Precursor incidents (based on news reports pa rin.)
In earlier interviews, Remetio stated that he was “cut” by the Benz in a fly over. Based on analysis, this is in Kamuning because he added that “nagkagitgitan sila pag pasok ng underpass at muli pag labas nito.” By deductions again, this is in EDSA-Aurora-Tuazon” underpass commonly known as “EDSA Ilalim” in bus route lingo. This narration gives credence to earlier witness accounts (I forgot the name of the source but I know that I saw this on TV) that stated that the Benz provoked the taxi by cutting him off at Kamuning flyover and the taxi responded in kind by tailgating the Benz afterwards.
Now this is where the video started.
Round 1: By the position of the vehicles, it appeared that the Benz blocked the taxi on top of Santolan-Crame flyover and Ang went down to confront the taxi driver. My guess is that he wanted to confront the latter for tailgating him. His gun was INSIDE the bag at this time, but whatever his reasons are, this action of going out of his vehicle should still be taken against him. Going down your vehicle to confront another driver is NEVER a good move. There are very few valid justifications for it, and unless you are involved in a collision accident where your vehicle made contact with another or a pedestrian, you are never obliged by law to do so. At this juncture, there was no contact yet between their cars so I think Ang was wrong here just like he was wrong in Kamuning if the accounts of him cutting of the taxi are true. Thus one point for Remetio.
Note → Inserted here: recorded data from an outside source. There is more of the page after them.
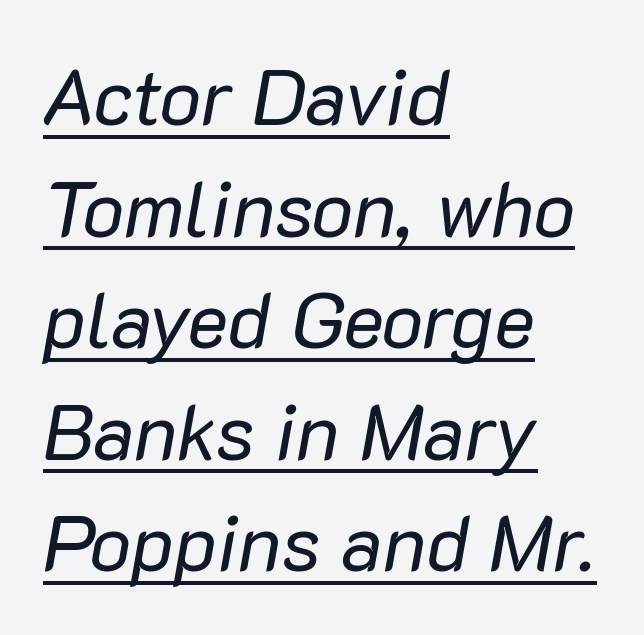
Is there an underline? Yes — a line sits under the letters. Compared with a centered layout, this one pins lines to the left instead. Is the type heavy? It reads as light-to-regular instead. The axis of the letterforms is tilted away from vertical. Is there much room between lines? A standard amount, neither cramped nor airy.
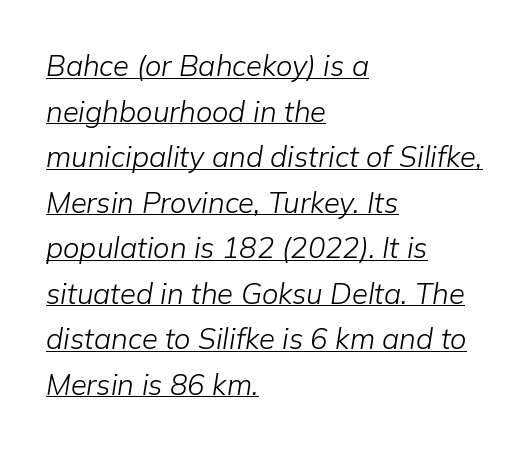
{"italic": "yes", "lean": "right", "slant_degrees": 9, "bold": "no", "weight": "light", "width": "normal", "stroke_contrast": "low", "x_height": "medium", "monospaced": "no", "underline": "yes", "align": "left", "line_spacing": "normal", "line_spacing_ratio": 1.57, "letter_spacing": "normal", "letter_spacing_em": 0.0, "glyph_px": 29}
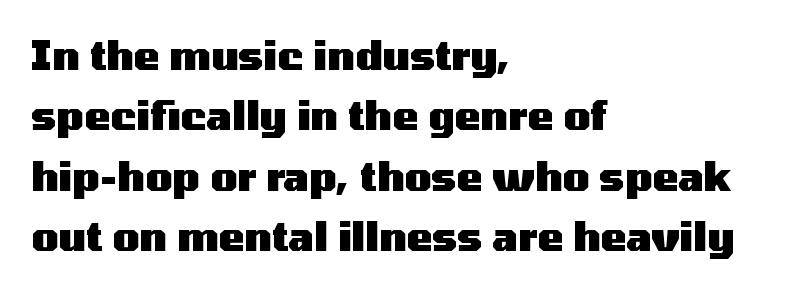
{"serif": "no", "italic": "no", "bold": "yes", "weight": "heavy", "width": "wide", "stroke_contrast": "medium", "x_height": "medium", "monospaced": "no", "underline": "no", "align": "left", "line_spacing": "normal", "line_spacing_ratio": 1.55, "letter_spacing": "normal", "letter_spacing_em": 0.0, "glyph_px": 39}
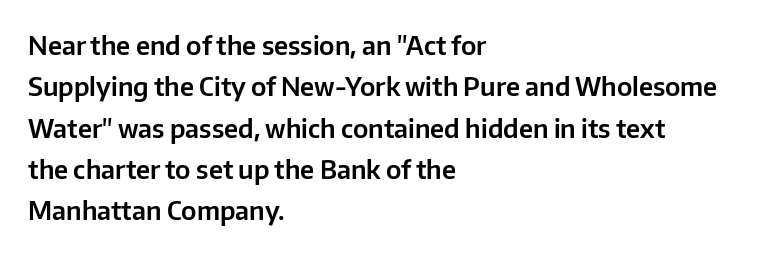
The image shows 26 px text type, upright; set left-aligned, normal line spacing (1.59x), normal letter spacing, not underlined.
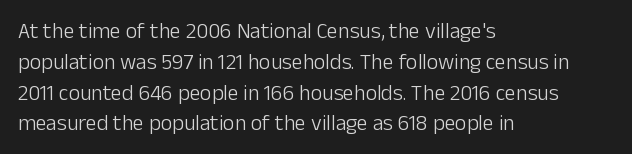
The image shows 22 px text type, upright; set left-aligned, normal line spacing (1.4x), normal letter spacing, not underlined.
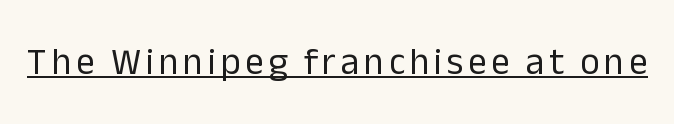
The image shows 37 px regular-weight sans-serif type, upright; set underlined; low stroke contrast and a medium x-height.
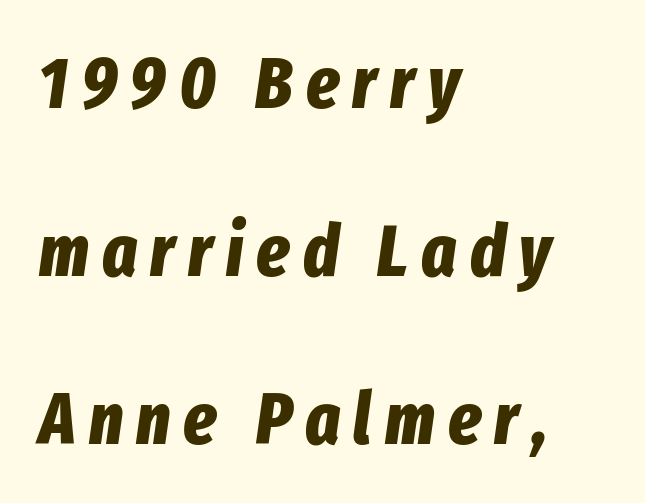
The image shows 73 px bold, condensed type, italic (leaning right); set left-aligned, loose line spacing (2.3x), not underlined; low stroke contrast and a medium x-height.
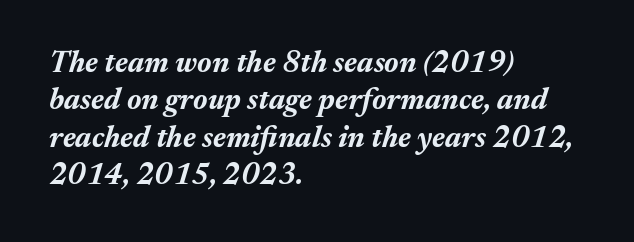
Q: Is the text bold? A: Yes.
Q: Is the text italic (slanted)? A: Yes, it leans right by about 17 degrees.
Q: Is the text underlined? A: No.
Q: How is the paragraph aligned? A: Left-aligned.
Q: Is the spacing between letters normal or unusually wide? A: Normal.
Q: Is the spacing between lines tight, normal or loose? A: Normal.
Q: Width (condensed, normal, or wide)? A: Normal.
Q: Stroke contrast? A: Medium.
Q: x-height? A: Medium.
Q: Monospaced? A: No.
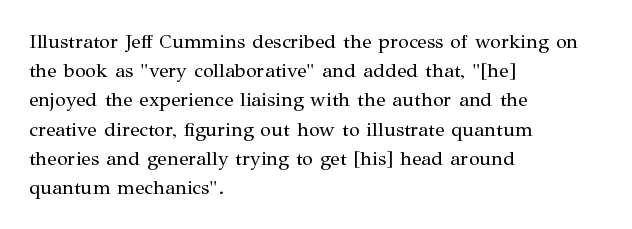
The image shows 20 px text type, upright; set left-aligned, normal line spacing (1.46x), normal letter spacing, not underlined.
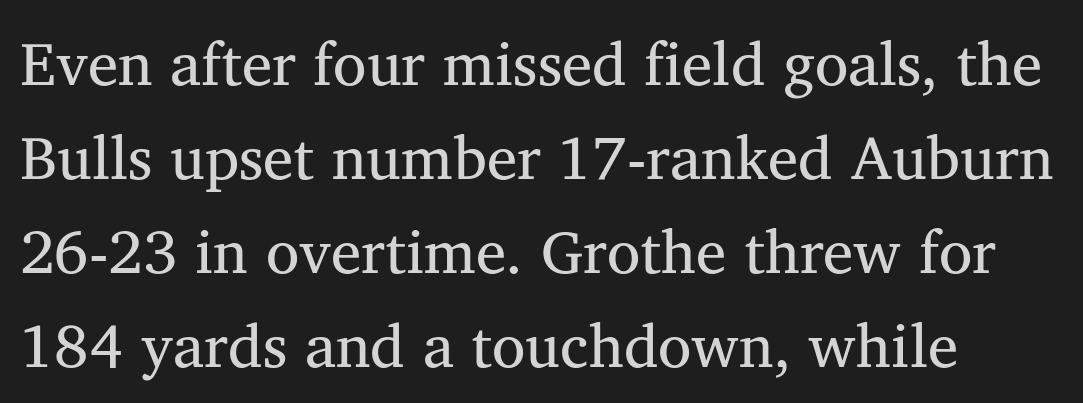
The image shows 61 px regular-weight serif type; set left-aligned, normal line spacing (1.54x), normal letter spacing, not underlined; medium stroke contrast and a medium x-height.
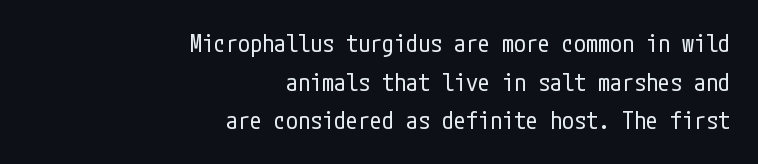
The image shows 24 px text type, upright; set right-aligned, normal line spacing (1.61x), normal letter spacing, not underlined.
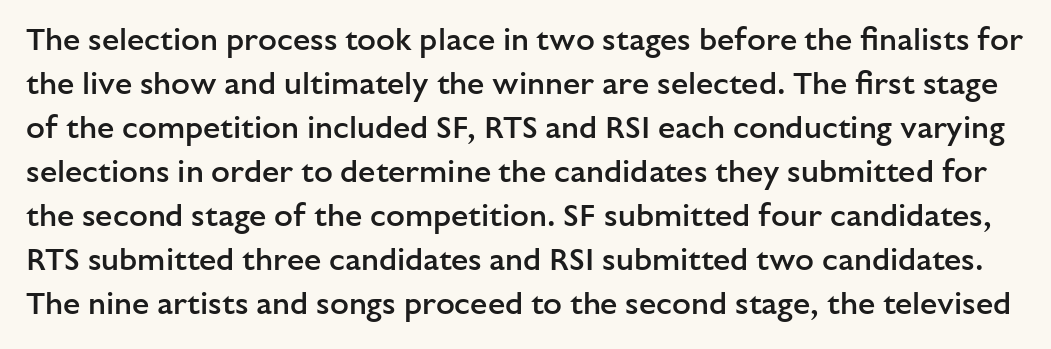
Q: Is the text bold? A: Semi-bold.
Q: Is the text italic (slanted)? A: No, it is upright.
Q: Is the typeface a serif or a sans-serif typeface? A: Sans-serif.
Q: Is the text underlined? A: No.
Q: Is the spacing between letters normal or unusually wide? A: Normal.
Q: Is the spacing between lines tight, normal or loose? A: Normal.
Q: Width (condensed, normal, or wide)? A: Normal.
Q: Stroke contrast? A: Low.
Q: x-height? A: Medium.
Q: Monospaced? A: No.
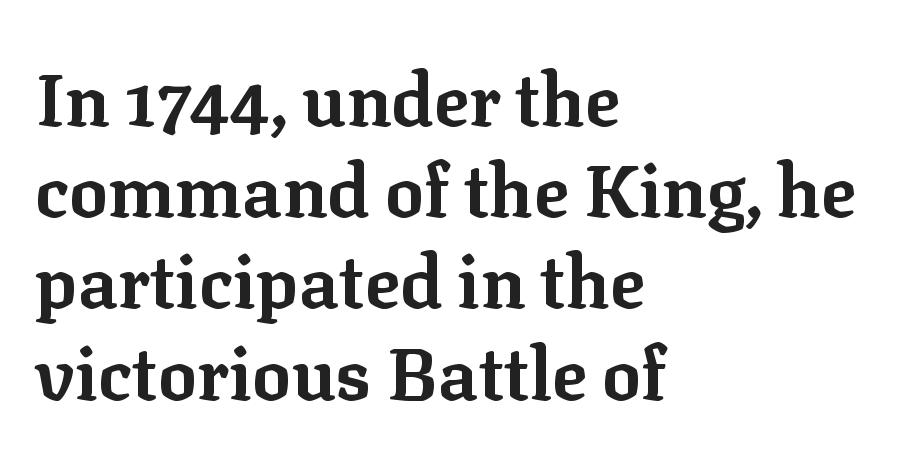
The image shows 73 px bold serif type, upright; set left-aligned, normal line spacing (1.25x), normal letter spacing, not underlined; low stroke contrast and a medium x-height.
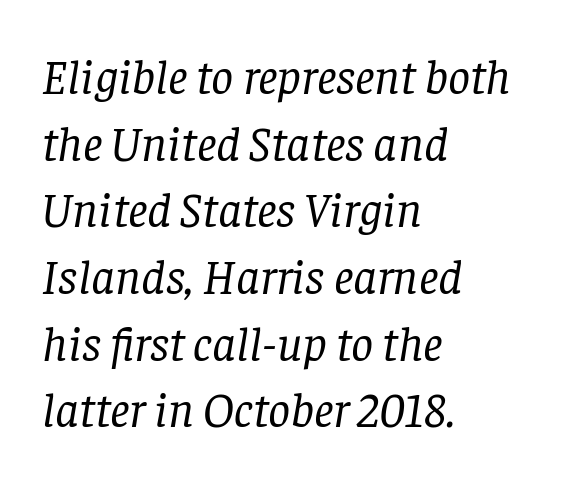
The image shows 49 px regular-weight serif type, italic (leaning right); set left-aligned, normal line spacing (1.36x), normal letter spacing, not underlined; low stroke contrast and a large x-height.

Round 2: When Ang approached his taxi, Remetio attempted to get off his taxi WITH A KNIFE. I can believe this scenario. I will boldly state that 99% of taxi drivers will do this when involved in a “YABANGAN” which at this point, this incident was. When Ang saw this, he attempted to prevent Remetio from getting off the taxi by slamming its door. But Remetio was in a better position to apply more force to the door thus, he was able to get out. Note that during all the shoving and pushing, Ang’s gun REMAINED INSIDE the bag all the time. But Remetio still got off his taxi WITH a knife when the correct action on his part, if he wanted to also confront Ang, is to get off unarmed and engage the latter in a shouting match for all they want. Had they done this, their only offense would be cured by a couple of traffic citations. One point for Ang for keeping the gun in the bag but this is actually negated by the fact that he started all this confrontation. He is only partially within Article 11 of the RPC. Remetio exemplified the textbook example of “unlawful aggression” by attempting to bring the knife into the fight but an argument can be made that Ang triggered the aggression by sufficient provocation. The response of Ang, which is to keep Remetio inside the vehicle, is correct and appropriate for the situation. The gun is still in the bag at this time but the knife is already in the open and if Remetio killed Ang at this point, he will be liable for homicide. He cannot claim self defense because the act of stabbing an unarmed man even if he latter started the confrontation is difficult to justify. Bottomline: Round is even. Pareho silang gago.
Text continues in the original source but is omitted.